Response to lifestyle intervention in NAFLD is significantly less effective in the presence of depression particularly in the presence of acute major depressive disorder⁽Reference Tomeno, Kawashima and Yoneda⁹⁴⁾. Although some studies in adults have used a psychological approach to lifestyle change in obesity related disorders, no trials in children are reported⁽Reference Gelli, Tarocchi and Abenavoli^95–Reference Bellentani, Dalle Grave and Suppini⁹⁷⁾. This approach included counselling sessions and cognitive behavioural therapy.

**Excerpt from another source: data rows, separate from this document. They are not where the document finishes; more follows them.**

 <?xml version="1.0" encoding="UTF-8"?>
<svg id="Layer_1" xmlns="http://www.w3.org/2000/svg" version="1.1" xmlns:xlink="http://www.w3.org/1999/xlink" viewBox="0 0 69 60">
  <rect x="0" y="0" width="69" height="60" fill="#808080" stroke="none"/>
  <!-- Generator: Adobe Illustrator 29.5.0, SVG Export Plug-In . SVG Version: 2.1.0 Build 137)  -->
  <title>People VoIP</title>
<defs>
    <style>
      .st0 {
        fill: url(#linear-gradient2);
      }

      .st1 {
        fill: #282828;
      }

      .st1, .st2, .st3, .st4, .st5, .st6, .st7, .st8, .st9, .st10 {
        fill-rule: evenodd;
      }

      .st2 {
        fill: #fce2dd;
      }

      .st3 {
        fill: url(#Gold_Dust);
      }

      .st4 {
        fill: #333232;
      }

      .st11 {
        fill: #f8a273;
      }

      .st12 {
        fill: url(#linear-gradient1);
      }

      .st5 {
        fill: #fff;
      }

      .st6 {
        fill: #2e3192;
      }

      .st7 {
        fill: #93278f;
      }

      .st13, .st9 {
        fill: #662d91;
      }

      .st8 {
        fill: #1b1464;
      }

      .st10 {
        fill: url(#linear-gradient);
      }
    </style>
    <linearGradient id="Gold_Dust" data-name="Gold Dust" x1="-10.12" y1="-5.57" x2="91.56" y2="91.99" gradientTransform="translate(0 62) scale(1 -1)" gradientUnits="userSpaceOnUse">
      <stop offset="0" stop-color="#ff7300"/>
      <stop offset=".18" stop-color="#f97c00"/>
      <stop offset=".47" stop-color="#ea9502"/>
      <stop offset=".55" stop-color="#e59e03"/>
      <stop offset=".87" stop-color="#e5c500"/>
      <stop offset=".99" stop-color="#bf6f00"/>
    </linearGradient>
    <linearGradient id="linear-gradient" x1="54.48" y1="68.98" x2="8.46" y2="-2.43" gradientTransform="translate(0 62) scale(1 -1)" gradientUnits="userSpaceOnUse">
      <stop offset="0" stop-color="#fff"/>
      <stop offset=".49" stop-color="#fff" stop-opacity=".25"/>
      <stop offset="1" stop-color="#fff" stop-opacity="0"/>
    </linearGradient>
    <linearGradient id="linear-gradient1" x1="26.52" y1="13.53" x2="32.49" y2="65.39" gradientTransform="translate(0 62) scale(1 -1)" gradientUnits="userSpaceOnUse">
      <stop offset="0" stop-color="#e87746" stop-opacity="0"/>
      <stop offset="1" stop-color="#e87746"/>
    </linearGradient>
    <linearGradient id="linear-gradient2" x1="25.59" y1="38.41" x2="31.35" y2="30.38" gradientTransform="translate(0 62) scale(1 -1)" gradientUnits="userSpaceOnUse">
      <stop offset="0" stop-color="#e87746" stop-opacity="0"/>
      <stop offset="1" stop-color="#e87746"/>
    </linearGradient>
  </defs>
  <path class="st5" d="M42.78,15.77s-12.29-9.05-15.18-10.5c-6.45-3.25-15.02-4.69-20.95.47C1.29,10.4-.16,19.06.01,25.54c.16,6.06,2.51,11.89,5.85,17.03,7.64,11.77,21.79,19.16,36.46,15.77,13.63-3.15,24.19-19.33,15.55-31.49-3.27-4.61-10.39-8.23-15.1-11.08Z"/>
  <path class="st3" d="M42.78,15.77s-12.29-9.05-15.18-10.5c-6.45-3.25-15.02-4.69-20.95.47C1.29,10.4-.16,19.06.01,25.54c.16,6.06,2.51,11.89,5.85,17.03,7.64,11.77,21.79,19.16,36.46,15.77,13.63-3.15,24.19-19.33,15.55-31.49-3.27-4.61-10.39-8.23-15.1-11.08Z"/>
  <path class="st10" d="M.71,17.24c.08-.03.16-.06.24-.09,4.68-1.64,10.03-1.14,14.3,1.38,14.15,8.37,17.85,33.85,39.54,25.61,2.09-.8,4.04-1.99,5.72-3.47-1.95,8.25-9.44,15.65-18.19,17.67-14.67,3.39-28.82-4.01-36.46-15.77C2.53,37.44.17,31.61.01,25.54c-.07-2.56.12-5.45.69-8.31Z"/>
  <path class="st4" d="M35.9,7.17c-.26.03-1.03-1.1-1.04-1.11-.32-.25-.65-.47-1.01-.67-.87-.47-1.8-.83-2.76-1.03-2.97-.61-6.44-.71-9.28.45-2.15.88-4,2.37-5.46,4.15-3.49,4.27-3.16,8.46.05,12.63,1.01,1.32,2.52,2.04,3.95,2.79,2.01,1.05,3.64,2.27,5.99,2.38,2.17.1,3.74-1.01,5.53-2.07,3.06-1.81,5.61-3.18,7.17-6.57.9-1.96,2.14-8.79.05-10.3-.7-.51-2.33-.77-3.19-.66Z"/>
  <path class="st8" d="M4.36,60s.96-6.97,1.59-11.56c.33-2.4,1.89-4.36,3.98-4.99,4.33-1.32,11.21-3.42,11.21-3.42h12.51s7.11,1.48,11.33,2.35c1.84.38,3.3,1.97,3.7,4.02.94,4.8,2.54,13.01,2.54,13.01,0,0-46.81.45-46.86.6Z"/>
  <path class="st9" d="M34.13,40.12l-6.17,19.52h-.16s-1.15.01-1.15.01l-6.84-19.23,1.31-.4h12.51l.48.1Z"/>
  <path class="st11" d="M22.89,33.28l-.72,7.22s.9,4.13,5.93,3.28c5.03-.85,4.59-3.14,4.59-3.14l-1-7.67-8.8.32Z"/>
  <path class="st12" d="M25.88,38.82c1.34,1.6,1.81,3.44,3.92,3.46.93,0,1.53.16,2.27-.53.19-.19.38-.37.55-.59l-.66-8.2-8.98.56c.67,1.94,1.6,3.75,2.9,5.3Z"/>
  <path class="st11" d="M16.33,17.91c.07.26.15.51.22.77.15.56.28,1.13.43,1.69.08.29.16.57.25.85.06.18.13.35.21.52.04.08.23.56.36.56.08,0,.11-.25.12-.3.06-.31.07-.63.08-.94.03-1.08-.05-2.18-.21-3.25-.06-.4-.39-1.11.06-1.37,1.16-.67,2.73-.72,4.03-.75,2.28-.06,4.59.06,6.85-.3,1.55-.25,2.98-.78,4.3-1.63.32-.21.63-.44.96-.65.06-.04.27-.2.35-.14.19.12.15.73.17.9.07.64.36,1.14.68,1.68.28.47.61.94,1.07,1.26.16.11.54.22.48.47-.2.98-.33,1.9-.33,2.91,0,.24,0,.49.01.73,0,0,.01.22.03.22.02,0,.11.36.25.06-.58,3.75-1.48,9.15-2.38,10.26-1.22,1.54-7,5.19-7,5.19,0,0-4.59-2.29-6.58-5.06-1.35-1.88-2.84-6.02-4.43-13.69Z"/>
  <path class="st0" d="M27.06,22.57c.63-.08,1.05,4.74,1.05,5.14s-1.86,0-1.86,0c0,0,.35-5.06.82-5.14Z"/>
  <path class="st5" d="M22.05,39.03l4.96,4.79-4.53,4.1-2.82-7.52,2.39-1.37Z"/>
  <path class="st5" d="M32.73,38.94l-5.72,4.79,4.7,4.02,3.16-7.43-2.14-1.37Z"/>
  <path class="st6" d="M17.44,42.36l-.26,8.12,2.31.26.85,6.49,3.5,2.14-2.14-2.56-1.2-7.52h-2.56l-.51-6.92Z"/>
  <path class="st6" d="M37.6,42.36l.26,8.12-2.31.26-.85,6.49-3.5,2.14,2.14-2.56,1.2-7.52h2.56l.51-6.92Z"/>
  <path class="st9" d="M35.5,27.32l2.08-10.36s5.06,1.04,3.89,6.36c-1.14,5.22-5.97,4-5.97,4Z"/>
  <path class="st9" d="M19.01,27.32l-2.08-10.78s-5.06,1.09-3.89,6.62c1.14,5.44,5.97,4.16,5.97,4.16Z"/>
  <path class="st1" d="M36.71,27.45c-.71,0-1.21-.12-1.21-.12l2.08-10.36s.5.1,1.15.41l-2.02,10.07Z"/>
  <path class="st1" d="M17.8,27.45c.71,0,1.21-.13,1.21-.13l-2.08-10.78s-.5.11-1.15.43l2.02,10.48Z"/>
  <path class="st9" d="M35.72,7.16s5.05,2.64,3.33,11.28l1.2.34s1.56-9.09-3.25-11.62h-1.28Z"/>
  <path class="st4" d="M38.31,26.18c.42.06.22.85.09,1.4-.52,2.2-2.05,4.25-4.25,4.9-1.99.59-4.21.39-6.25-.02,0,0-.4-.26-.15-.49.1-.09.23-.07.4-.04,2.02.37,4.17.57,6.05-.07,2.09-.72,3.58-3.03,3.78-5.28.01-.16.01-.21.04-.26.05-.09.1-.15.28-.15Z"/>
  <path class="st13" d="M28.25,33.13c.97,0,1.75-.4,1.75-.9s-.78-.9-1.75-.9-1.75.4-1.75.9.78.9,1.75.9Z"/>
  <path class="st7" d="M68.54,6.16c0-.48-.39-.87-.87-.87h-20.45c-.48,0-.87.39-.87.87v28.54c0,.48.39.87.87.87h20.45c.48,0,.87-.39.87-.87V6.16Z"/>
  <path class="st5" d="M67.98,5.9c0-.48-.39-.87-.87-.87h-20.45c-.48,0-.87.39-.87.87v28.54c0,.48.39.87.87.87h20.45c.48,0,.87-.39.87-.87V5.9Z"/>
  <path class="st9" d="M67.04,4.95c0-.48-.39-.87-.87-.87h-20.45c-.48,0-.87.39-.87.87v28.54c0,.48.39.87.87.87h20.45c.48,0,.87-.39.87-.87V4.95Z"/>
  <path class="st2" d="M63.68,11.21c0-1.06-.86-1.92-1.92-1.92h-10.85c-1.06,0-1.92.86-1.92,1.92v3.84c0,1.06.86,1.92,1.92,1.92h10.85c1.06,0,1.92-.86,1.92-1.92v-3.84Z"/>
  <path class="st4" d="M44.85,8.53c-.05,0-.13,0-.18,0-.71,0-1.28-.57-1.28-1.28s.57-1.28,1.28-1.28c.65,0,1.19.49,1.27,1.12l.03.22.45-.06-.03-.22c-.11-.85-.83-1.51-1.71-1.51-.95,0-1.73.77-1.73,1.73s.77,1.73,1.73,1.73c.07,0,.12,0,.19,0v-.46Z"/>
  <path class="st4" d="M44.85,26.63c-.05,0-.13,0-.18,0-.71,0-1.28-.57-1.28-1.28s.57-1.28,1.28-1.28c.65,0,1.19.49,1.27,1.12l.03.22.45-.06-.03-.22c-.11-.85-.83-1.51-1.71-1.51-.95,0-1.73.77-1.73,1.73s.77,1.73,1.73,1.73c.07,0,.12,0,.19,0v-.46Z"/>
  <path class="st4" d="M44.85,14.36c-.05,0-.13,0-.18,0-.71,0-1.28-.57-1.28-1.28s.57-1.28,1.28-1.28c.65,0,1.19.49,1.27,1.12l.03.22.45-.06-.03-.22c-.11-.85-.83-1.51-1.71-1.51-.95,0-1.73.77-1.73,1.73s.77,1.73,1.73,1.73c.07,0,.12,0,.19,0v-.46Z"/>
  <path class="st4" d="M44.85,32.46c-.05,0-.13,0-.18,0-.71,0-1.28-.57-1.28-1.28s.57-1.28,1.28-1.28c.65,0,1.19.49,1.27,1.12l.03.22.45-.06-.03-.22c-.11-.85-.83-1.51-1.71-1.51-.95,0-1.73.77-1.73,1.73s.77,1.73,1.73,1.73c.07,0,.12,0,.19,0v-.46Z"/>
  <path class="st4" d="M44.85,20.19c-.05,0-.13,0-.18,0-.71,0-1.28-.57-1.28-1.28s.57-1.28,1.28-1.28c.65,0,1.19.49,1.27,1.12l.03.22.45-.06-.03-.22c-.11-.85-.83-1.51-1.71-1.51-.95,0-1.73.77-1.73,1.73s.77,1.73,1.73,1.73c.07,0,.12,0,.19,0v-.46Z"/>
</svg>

Both adult and paediatric studies have drawn a link between depression, inflammation and the coexistence of complications of obesity, most frequently visceral adiposity associated conditions⁽Reference Kiecolt-Glaser, Derry and Fagundes^98–Reference Byrne, O'Brien-Simpson and Mitchell¹⁰⁰⁾. When combined with predisposing factors, immune challenges can lead to exaggerated or prolonged inflammatory responses⁽Reference Kiecolt-Glaser, Derry and Fagundes⁹⁸⁾. The resulting sickness behaviours, depressive symptoms and poor lifestyle choices may lead to further inflammation. This pattern suggests that effective treatment options which target this vicious cycle may halt both the amplified inflammation and depressive symptoms.